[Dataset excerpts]

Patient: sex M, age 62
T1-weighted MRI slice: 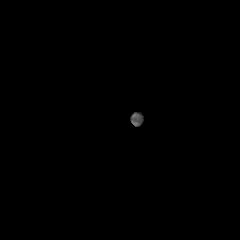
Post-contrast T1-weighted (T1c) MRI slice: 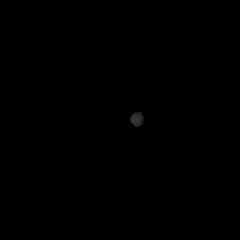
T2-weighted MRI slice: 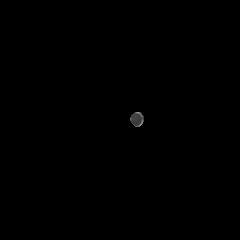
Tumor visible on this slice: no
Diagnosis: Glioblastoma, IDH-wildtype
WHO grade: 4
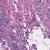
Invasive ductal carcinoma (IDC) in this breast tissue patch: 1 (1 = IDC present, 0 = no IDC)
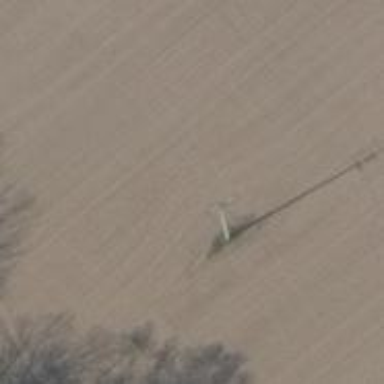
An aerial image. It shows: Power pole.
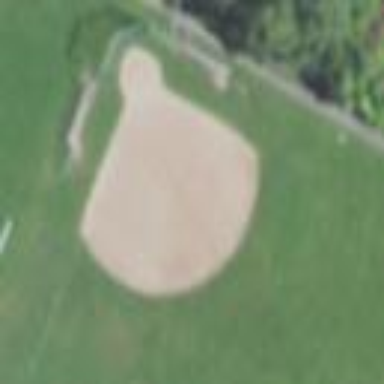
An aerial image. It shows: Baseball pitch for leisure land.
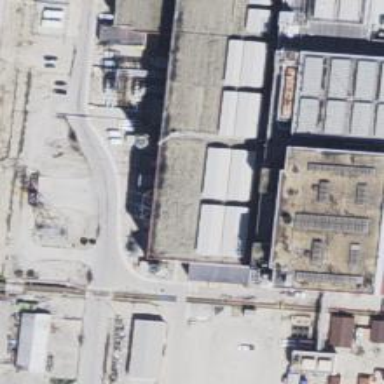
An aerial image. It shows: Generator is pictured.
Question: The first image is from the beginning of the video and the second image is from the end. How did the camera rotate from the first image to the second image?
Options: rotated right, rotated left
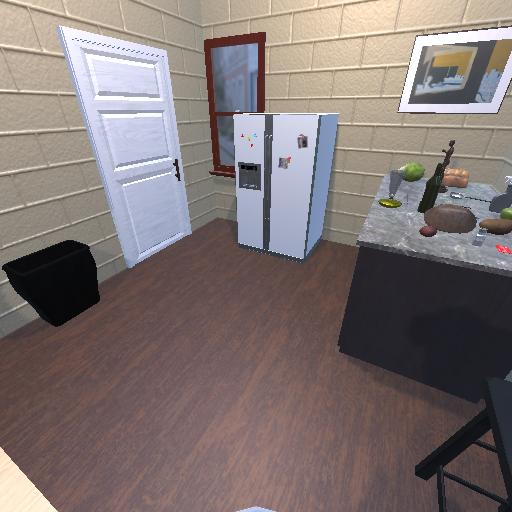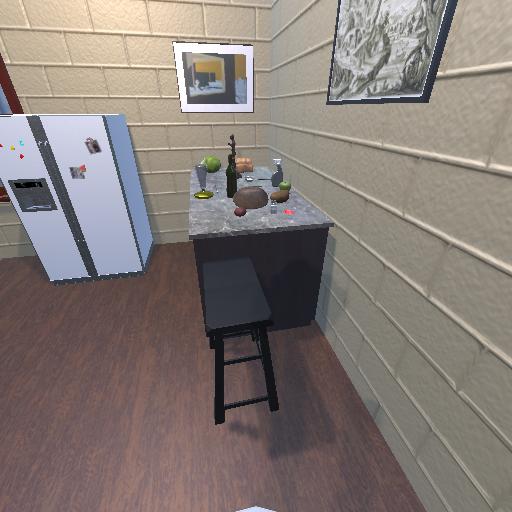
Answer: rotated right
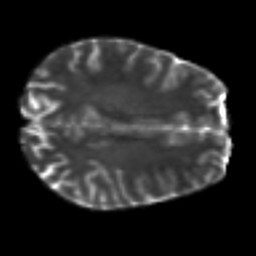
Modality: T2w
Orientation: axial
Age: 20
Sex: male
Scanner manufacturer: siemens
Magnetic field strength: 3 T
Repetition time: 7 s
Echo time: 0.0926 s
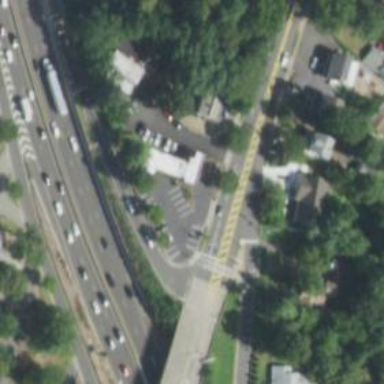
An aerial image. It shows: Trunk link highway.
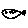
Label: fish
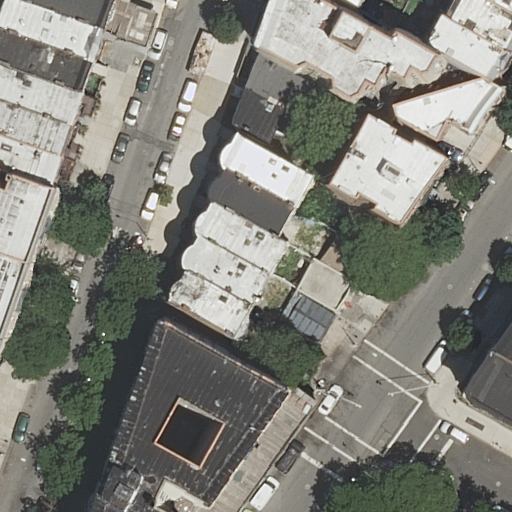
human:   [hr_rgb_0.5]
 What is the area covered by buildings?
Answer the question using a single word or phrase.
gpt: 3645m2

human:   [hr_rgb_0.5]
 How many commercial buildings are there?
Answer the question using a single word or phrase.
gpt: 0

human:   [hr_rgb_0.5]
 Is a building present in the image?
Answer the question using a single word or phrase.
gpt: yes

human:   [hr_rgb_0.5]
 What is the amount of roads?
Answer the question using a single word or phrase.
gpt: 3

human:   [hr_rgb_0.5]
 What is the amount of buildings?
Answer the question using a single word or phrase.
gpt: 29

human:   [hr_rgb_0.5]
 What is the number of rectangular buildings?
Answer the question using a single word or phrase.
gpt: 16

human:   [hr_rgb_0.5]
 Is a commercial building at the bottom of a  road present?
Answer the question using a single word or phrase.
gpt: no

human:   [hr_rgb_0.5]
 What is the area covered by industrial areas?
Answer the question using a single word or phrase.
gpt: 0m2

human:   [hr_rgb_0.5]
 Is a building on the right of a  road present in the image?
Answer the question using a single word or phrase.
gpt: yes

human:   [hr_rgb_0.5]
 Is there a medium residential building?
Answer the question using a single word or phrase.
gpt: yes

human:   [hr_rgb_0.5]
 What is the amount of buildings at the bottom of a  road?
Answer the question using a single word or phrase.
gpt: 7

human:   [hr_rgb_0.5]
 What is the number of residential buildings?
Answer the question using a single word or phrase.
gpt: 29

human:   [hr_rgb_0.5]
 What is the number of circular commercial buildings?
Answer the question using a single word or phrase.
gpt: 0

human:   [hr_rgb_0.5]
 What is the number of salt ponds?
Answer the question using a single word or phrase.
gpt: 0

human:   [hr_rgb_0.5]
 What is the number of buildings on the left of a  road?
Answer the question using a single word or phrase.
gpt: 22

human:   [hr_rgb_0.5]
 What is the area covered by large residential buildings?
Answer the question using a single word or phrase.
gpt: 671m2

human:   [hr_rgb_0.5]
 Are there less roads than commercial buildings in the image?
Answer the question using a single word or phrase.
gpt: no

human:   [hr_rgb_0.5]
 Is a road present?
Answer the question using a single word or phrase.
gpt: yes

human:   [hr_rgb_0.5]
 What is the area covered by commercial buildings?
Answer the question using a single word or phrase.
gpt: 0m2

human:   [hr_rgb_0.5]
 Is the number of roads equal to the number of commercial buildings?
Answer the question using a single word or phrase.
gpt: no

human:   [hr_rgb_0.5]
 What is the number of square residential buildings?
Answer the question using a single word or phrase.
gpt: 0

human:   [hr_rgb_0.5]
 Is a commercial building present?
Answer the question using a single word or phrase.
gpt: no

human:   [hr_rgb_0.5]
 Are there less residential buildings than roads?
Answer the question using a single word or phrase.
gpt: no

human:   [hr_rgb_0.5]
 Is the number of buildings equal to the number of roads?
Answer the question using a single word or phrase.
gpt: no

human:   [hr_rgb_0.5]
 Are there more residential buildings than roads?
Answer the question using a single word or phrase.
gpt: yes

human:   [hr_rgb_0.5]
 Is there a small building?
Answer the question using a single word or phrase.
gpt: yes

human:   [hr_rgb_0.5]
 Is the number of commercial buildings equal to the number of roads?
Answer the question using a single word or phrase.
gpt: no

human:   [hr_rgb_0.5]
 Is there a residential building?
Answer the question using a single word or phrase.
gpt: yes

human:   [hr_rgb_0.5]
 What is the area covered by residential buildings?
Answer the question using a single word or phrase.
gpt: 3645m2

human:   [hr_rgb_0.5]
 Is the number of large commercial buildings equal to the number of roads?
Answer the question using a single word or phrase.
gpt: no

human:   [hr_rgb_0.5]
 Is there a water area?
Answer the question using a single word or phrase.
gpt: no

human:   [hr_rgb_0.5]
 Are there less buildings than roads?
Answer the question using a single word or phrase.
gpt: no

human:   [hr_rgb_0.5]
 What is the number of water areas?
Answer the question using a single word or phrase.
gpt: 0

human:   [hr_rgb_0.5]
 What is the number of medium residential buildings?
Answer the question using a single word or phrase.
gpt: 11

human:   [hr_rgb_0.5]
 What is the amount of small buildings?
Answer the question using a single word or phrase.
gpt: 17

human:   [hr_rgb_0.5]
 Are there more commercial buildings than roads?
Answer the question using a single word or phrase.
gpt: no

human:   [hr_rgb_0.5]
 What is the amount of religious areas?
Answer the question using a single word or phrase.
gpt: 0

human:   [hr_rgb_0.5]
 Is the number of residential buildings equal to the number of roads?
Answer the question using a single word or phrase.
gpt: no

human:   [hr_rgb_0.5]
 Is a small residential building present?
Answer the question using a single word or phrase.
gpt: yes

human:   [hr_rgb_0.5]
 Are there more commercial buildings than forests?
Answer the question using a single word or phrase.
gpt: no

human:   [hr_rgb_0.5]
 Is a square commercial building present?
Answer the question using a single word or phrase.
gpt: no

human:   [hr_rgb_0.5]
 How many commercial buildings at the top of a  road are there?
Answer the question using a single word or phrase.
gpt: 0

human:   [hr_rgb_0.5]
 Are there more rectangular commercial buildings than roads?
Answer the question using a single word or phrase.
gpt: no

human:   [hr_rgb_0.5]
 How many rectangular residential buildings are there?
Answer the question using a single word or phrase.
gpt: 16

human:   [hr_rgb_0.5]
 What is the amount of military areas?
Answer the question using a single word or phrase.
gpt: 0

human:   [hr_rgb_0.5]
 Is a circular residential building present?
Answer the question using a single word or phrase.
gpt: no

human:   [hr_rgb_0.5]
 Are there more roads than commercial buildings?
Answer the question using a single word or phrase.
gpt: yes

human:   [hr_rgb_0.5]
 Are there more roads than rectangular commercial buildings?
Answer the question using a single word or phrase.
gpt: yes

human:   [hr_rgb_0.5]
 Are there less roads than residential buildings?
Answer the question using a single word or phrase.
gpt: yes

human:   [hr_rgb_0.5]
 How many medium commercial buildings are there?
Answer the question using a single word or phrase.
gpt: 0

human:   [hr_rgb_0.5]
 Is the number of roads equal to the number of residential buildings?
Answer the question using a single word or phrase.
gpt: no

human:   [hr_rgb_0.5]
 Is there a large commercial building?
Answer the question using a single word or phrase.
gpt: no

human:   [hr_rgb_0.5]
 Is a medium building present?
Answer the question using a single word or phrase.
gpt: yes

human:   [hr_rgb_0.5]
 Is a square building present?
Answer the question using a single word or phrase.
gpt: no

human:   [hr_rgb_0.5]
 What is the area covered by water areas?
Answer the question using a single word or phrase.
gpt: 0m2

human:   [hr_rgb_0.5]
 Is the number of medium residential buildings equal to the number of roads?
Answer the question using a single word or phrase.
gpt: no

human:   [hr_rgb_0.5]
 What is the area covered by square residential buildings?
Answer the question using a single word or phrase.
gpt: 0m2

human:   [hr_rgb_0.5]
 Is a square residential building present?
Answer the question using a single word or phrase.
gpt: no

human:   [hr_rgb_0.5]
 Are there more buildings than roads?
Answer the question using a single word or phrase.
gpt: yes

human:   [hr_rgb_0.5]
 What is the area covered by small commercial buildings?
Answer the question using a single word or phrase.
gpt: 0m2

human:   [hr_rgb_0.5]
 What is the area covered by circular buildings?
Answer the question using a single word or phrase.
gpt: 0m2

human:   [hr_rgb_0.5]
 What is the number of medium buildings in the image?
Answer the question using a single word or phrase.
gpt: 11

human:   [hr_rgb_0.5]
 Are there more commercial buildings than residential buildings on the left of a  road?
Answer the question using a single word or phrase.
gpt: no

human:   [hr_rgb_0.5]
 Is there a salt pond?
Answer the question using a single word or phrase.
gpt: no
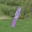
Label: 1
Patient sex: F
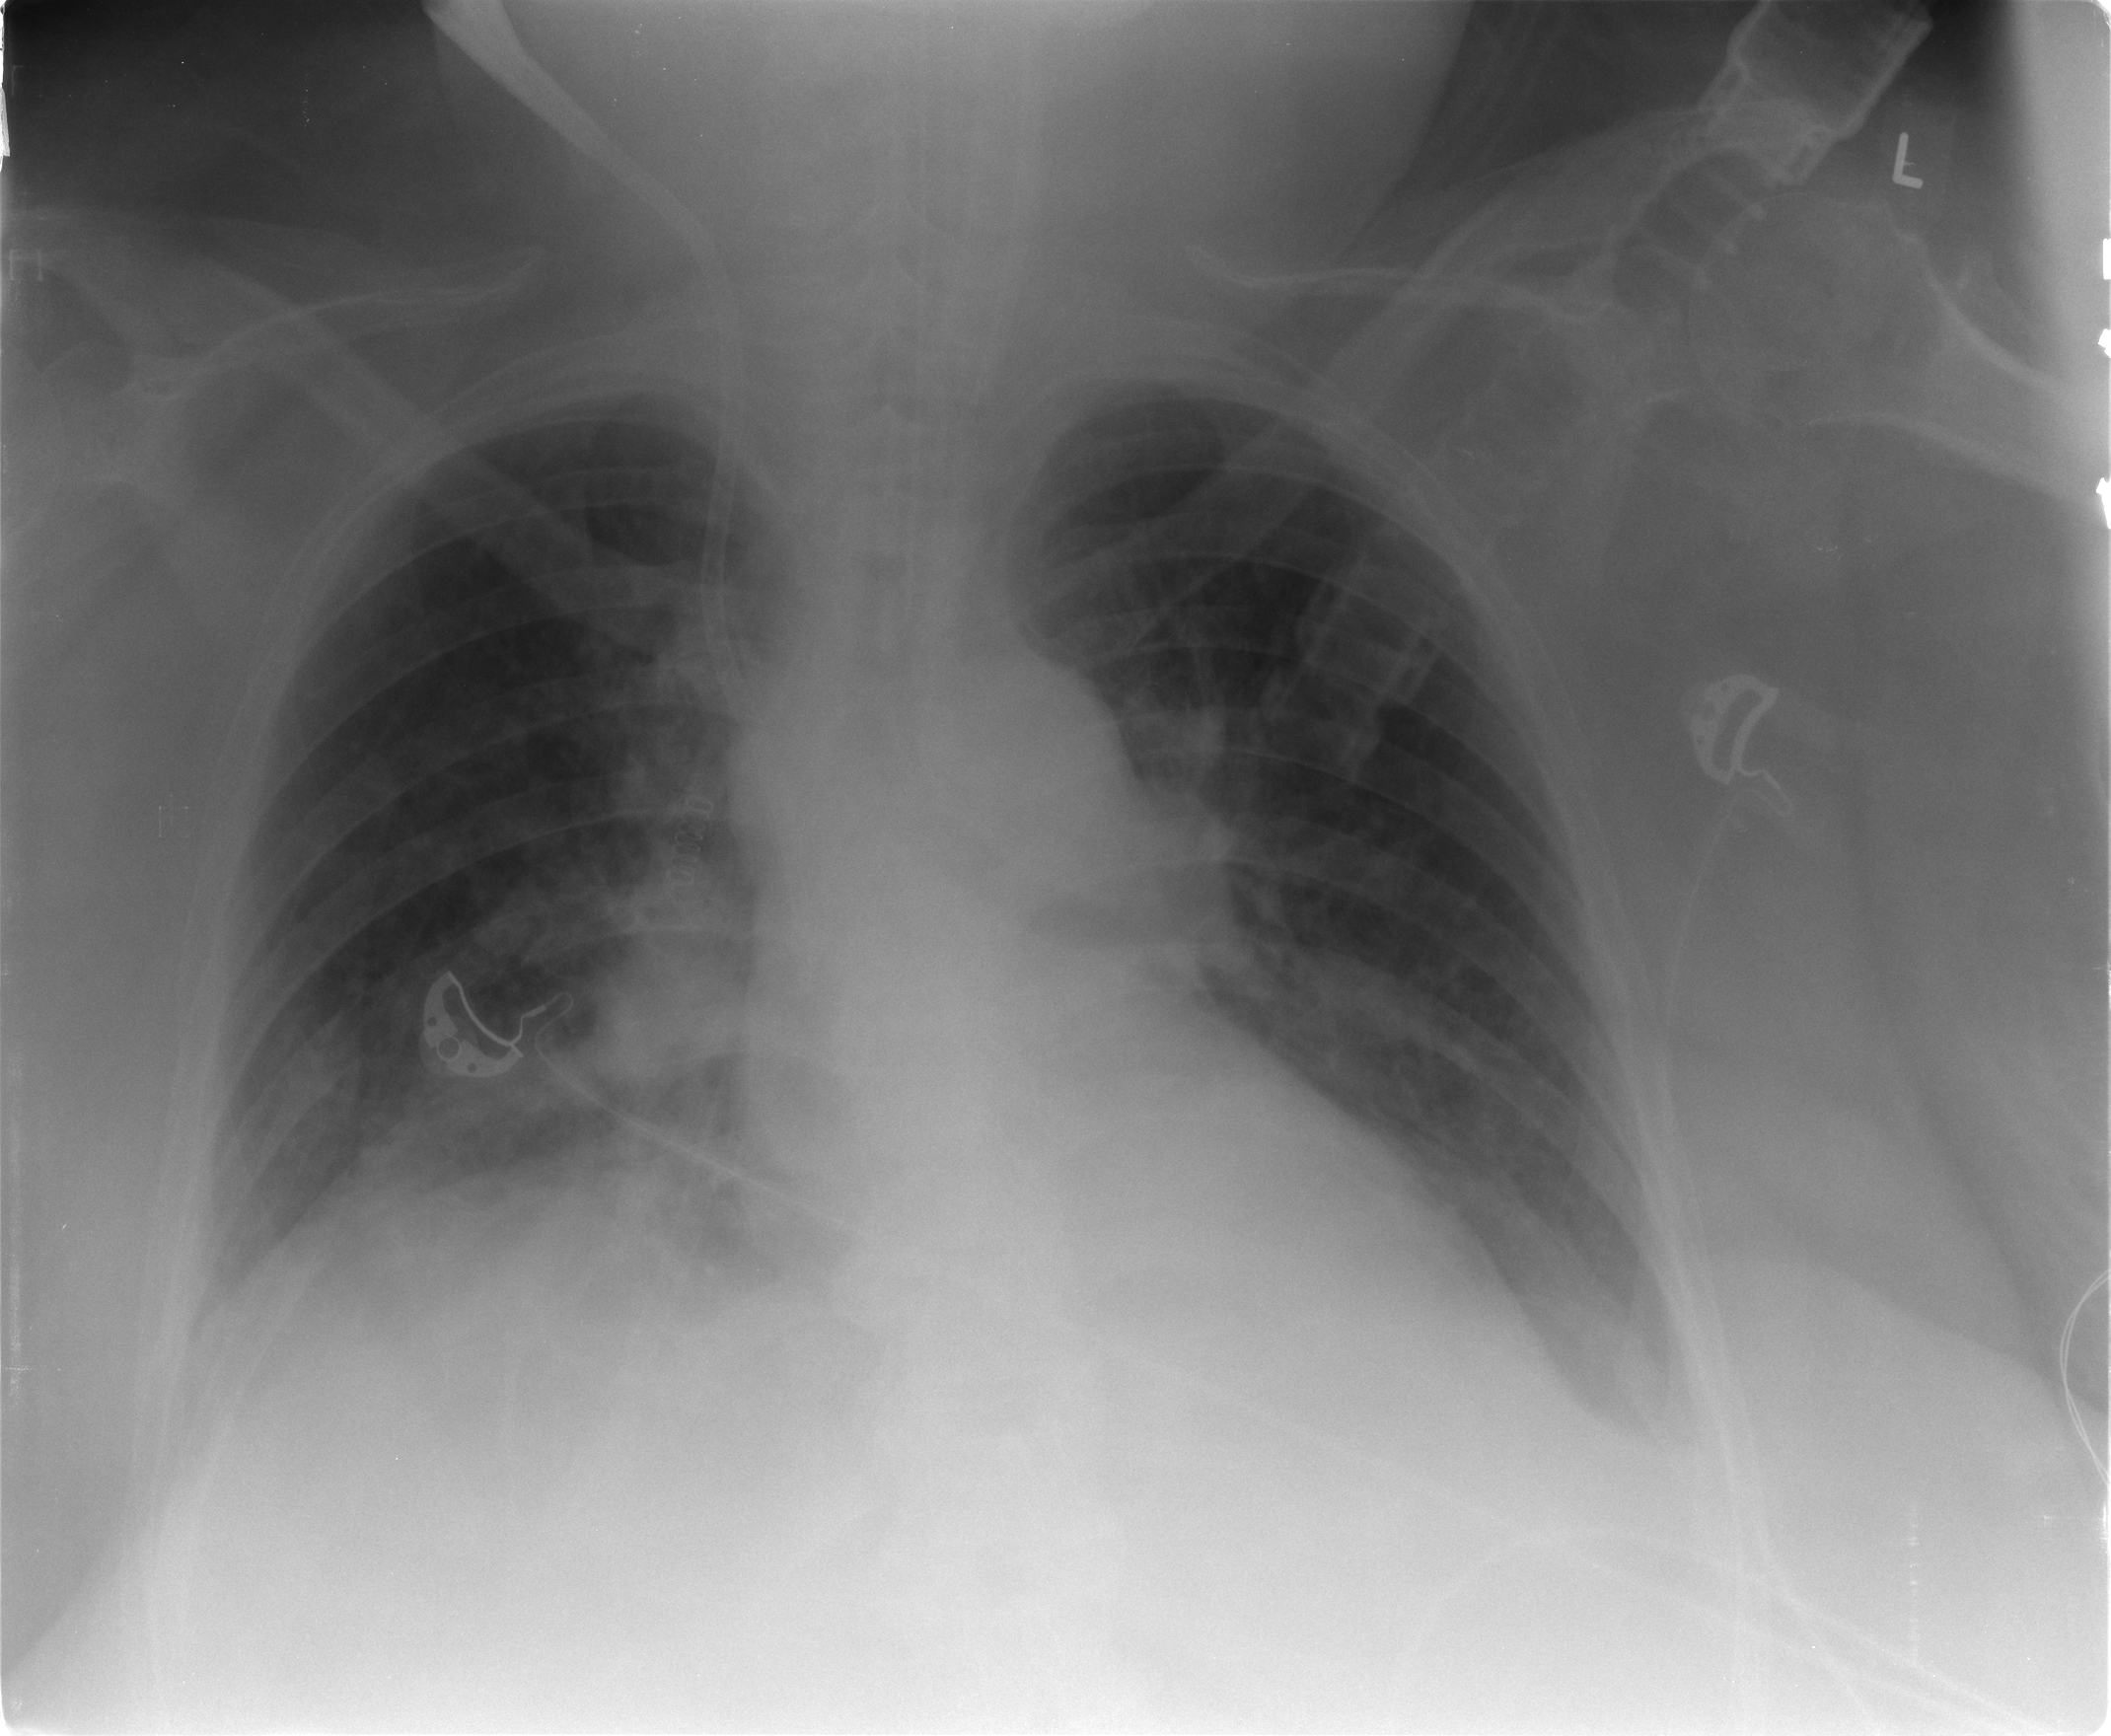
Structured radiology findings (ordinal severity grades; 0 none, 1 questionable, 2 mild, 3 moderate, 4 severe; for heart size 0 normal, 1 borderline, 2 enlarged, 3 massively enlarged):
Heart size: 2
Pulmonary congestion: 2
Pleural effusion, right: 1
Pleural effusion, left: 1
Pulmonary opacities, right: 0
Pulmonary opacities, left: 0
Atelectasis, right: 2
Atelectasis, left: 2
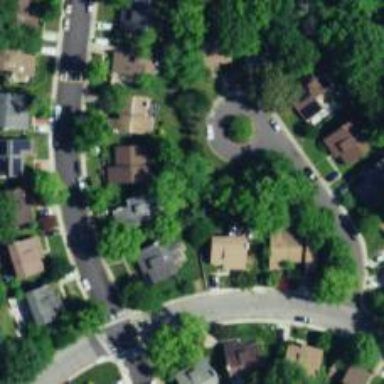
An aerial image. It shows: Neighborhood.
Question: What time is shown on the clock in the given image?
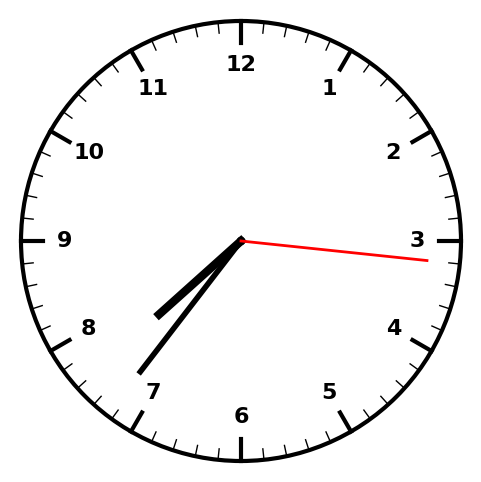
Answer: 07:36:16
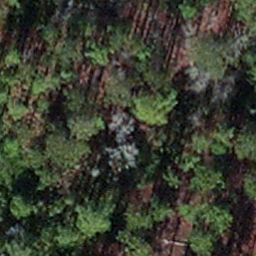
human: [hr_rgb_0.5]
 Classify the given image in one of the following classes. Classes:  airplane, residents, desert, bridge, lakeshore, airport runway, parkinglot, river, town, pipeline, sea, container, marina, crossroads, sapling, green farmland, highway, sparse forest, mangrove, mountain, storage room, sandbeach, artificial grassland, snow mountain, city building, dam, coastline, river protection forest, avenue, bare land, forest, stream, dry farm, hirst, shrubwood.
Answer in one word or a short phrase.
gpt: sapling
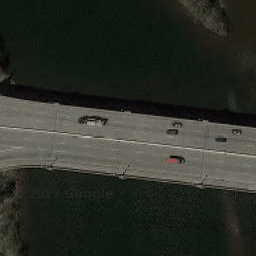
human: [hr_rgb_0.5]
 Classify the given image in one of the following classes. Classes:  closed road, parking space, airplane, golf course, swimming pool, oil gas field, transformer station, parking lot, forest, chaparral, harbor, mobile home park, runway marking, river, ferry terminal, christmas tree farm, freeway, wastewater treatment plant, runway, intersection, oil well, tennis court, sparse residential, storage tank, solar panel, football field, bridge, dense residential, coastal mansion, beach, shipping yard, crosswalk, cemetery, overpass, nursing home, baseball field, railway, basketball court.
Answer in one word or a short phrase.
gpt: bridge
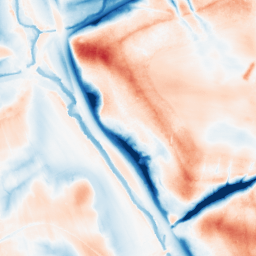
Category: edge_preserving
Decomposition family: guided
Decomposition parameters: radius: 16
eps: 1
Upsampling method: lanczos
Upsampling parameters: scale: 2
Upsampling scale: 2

Directions for this task —
In the entries above, please find the line with "Is a square residential building present?" and the line with "What is the number of medium buildings", then write out exactly those two lines and every line between them, and nothing more.

Solution for this exercise —
 Is a square residential building present?
Answer the question using a single word or phrase.
gpt: no

human:   [hr_rgb_0.5]
 Are there more buildings than roads?
Answer the question using a single word or phrase.
gpt: yes

human:   [hr_rgb_0.5]
 What is the area covered by small commercial buildings?
Answer the question using a single word or phrase.
gpt: 0m2

human:   [hr_rgb_0.5]
 What is the area covered by circular buildings?
Answer the question using a single word or phrase.
gpt: 0m2

human:   [hr_rgb_0.5]
 What is the number of medium buildings in the image?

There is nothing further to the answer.